The results of the research on the burn rate of the two-component Sb/KMnO₄ composition as a function of the antimony content and the composition density are presented. The system containing antimony with a grain diameter of <34 µm, pressed in ZAMAK (ZnAl alloy) tubes, burned at a rate of 2 to 16 mm s⁻¹. An increase in the antimony content caused an increase in the burning rate. The inverse relationship was obtained in the case of the composition density—an increase in the composition density was accompanied by a linear decrease in the burning rate.
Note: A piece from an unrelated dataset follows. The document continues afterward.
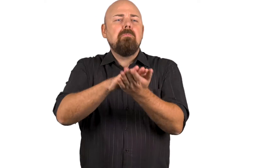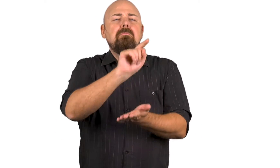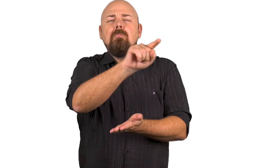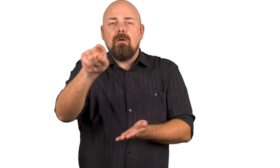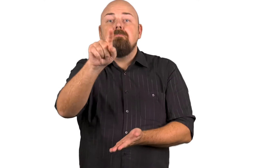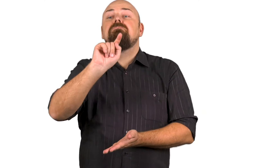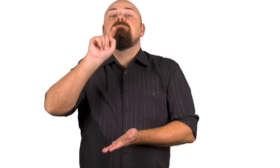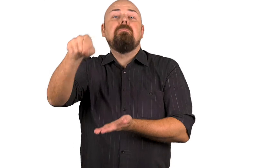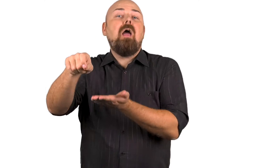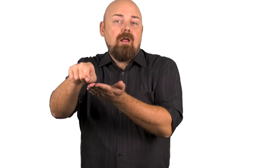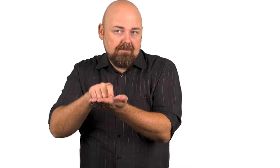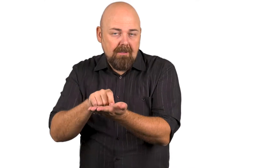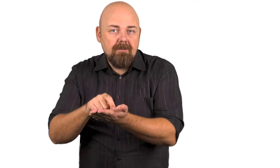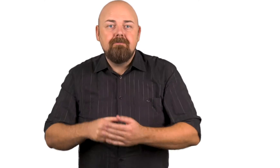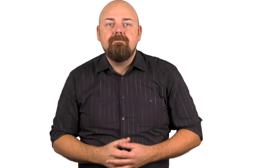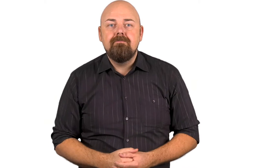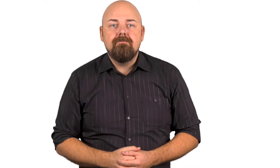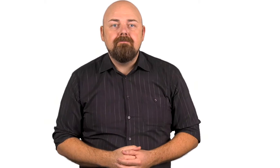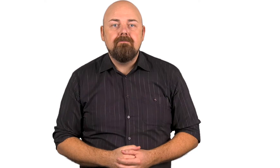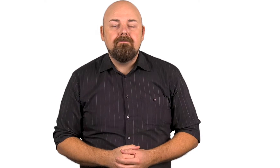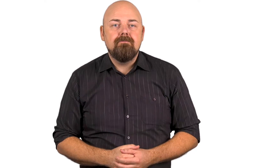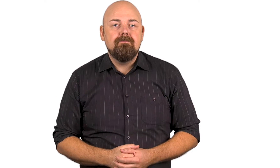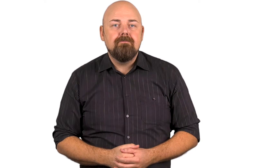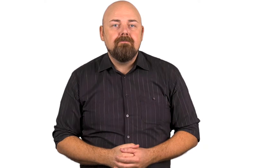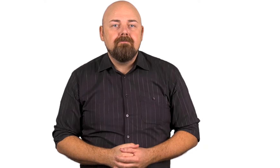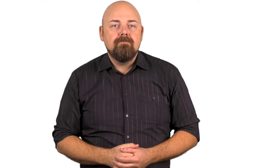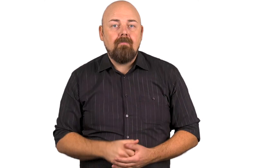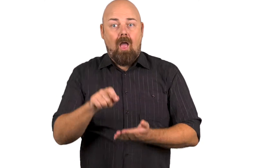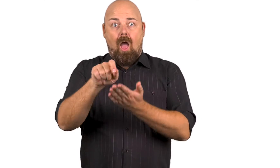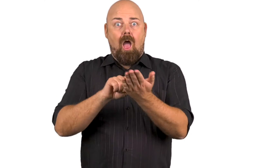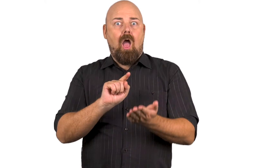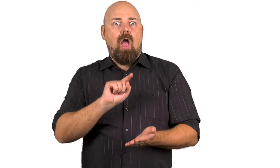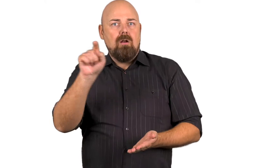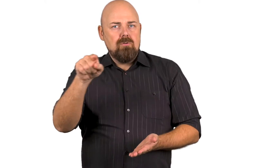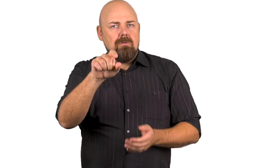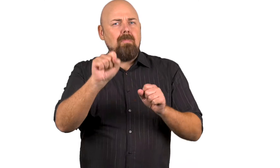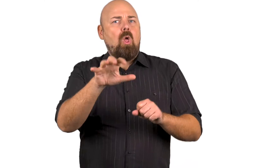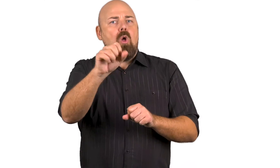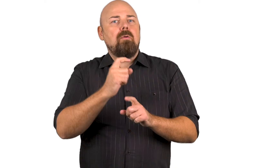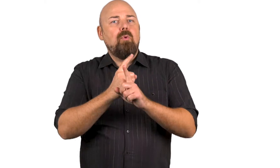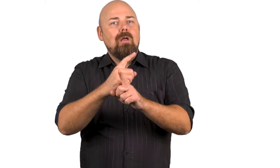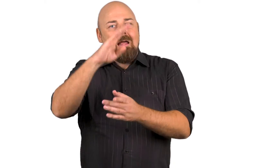missä tahansa ennakkoäänestyspaikassa. Ota äänestykseen mukaan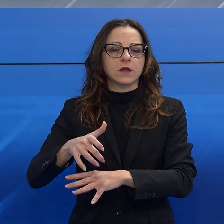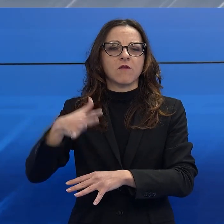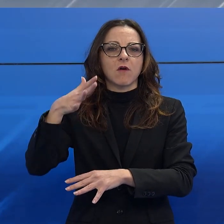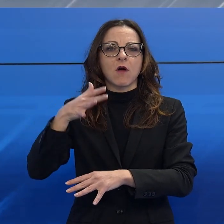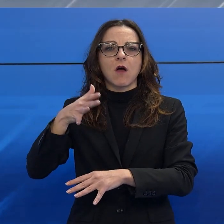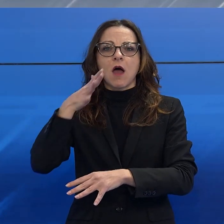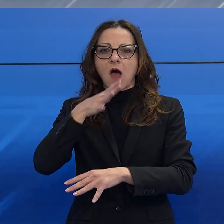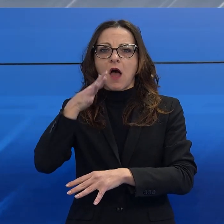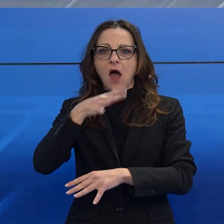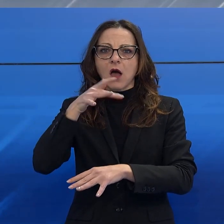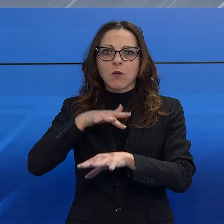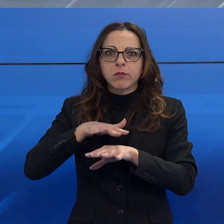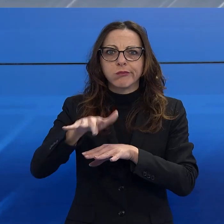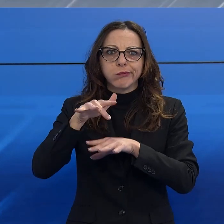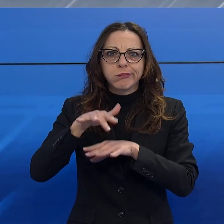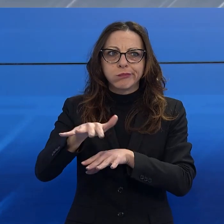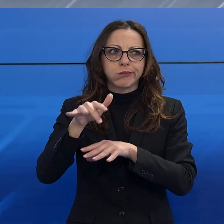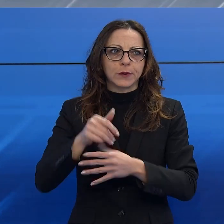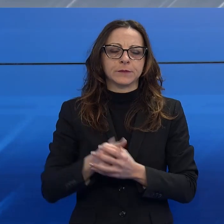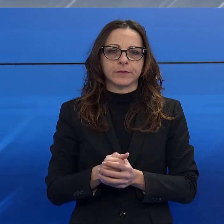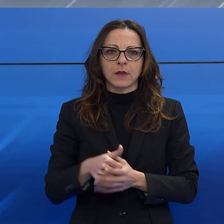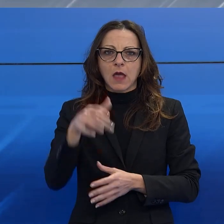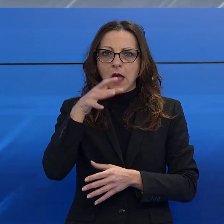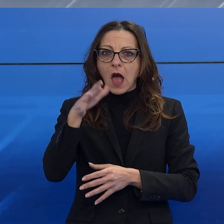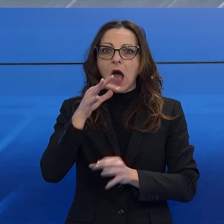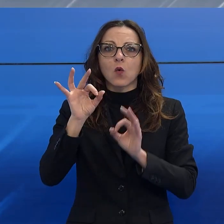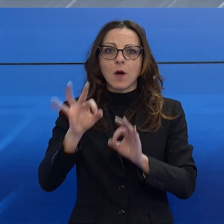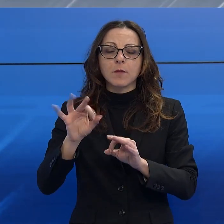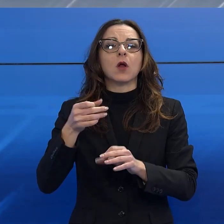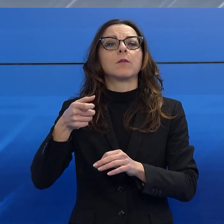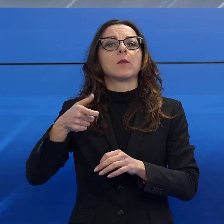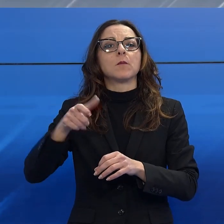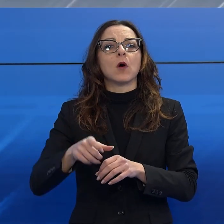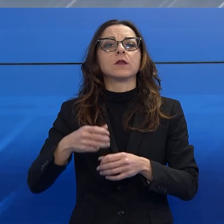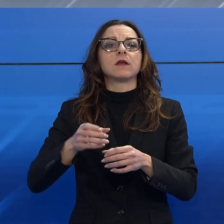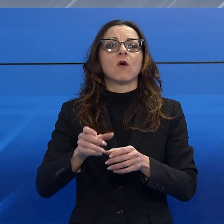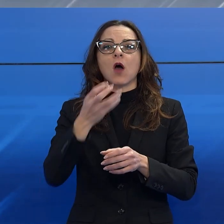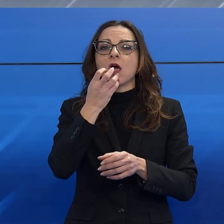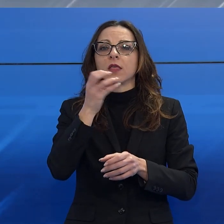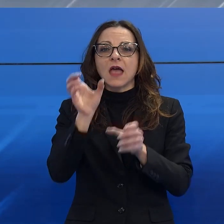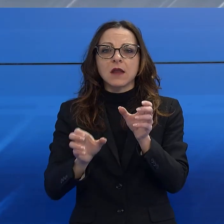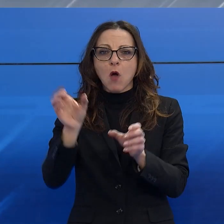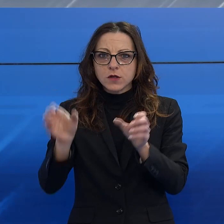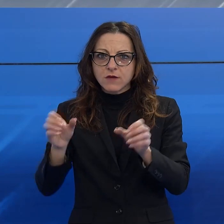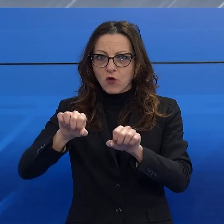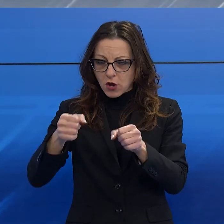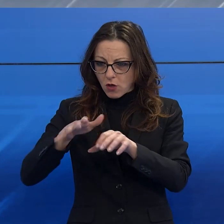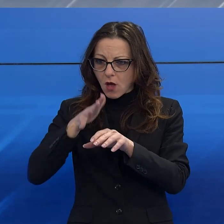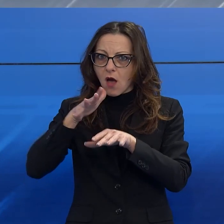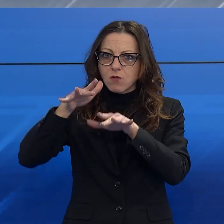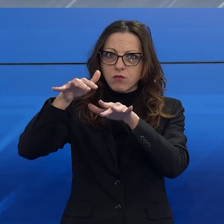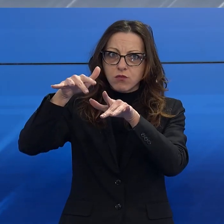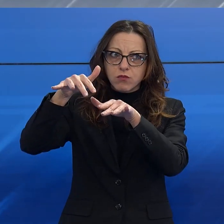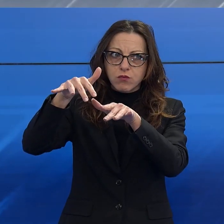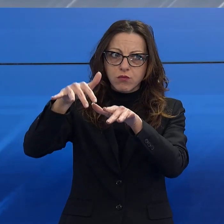perdita d'acqua. L'acqua è fuoriuscita dalla rottura di un radiatore e filtrata dal primo fino

The heats of combustion of Sb/KMnO₄ compositions were determined in a calorimetric bomb filled with argon at a pressure close to the pressure in detonators with such delay compositions. For the Sb content in the composition from 30 to 60 wt%, the measured heats of combustion were much higher than the heats calculated using the thermochemical code, in which only simple metal oxides were considered as potential reaction products. At the same time, XRD analysis showed that such oxides are not identified in solid combustion products, but rather KSbO₃ and non-stoichiometric K-Mn-O and K-Mn-Sb-O compounds. Consideration of the hypothetical reactions for one of the compositions in which, in addition to simple metal oxides, KSbO₃ and potassium manganates with manganese at lower oxidation states were included, showed that the heat effect is significantly greater.

The presented research results extend the literature data to include the heat of combustion of Sb/KMnO₄ compositions in a wide range of antimony contents and the combustion rate of this system as a function of the antimony content and composition density. These results constitute the first step to developing a model of Sb/KMnO₄ composition burning in time-delay elements.